I have two pocket watches that run fine when in my waistcoat pocket of left upright, but stop when layed down on their side. Excuse my ignorance but you learn by asking.


----------



## Shangas (Jan 27, 2008)

You haven't banged them around or dropped them, have you? Sounds like it might be a balance-staff problem. Or it could be that they're just gummy and need a clean.


----------



## ian1 (May 14, 2011)

Shangas said:


> You haven't banged them around or dropped them, have you? Sounds like it might be a balance-staff problem. Or it could be that they're just gummy and need a clean.

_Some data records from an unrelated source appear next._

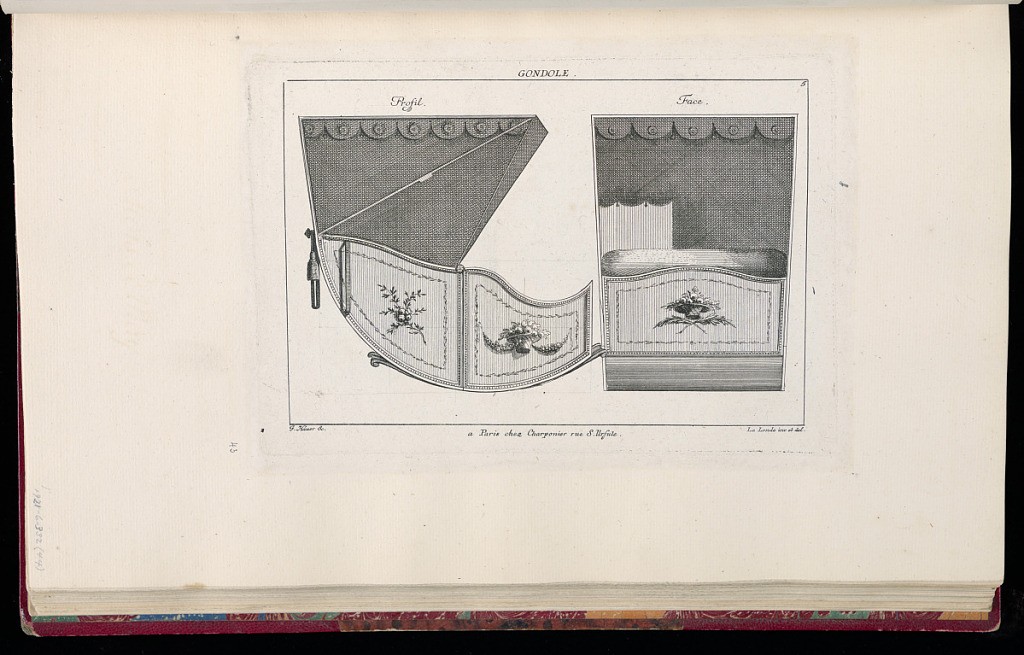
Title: GONDOLE
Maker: Richard de Lalonde, French, active 1780–96
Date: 1780-1796
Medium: Etching on off-white laid paper
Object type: Print
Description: Profile and front view of a design for a carriage seat decorated with ornament motifs including rosettes and floral bouquets. The plate is signed and numbered.
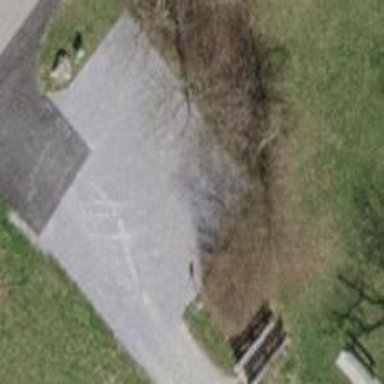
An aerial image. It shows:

One of mine was the same, i had it cleaned and then it was fine


----------



## Shangas (Jan 27, 2008)

Stuff like this does happen. I had one watch that ran for only 15 hours or something and I didn't understand why. It'd been serviced and cleaned and all that but it refused to work properly. I took it to the watchmaker who cleaned it and now it's running fine.


----------



## ian1 (May 14, 2011)

I have one that only starts if you shake it at little, once it starts its ok


----------



## a6cjn (Oct 29, 2009)

It's old age Alan, temperamental, slow to start, sluggish at times - and it's the same with watches :yes:

It's a common problem with pocket watches as they tend to dry out. In a good service they will be given an oil bath and this will cure the problem, however, with little use, not kept running, stored in one position and combined with central heating and infrequent servicing, it will always be an issue.

A good tip when looking at a potential buy is to hold the watch against your ear and move your head from side to side so the watch moves from a vertical to a horizontal position.

You make look and feel a bit of a plonker doing it but you will hear changes in the tick in a dry watch and it may even stop altogether if there is an issue with balance staff. (Plus it will give the impression to the seller that you know something about pocket watches and they will be a bit more careful with their sales patter)

Chris


----------



## AlanJohn (Mar 17, 2011)

a6cjn said:


> It's old age Alan, temperamental, slow to start, sluggish at times - and it's the same with watches :yes:
> 
> It's a common problem with pocket watches as they tend to dry out. In a good service they will be given an oil bath and this will cure the problem, however, with little use, not kept running, stored in one position and combined with central heating and infrequent servicing, it will always be an issue.
> 
> ...


No I Haven't either one shangas. I think I will take the advice given and have them serviced.

I wear one of them every day, and it keeps good time. It is a Monija 15 jewel.

The other is a Belgium Repose 1897. So as you say, it may be just old like me :hypocrite:


----------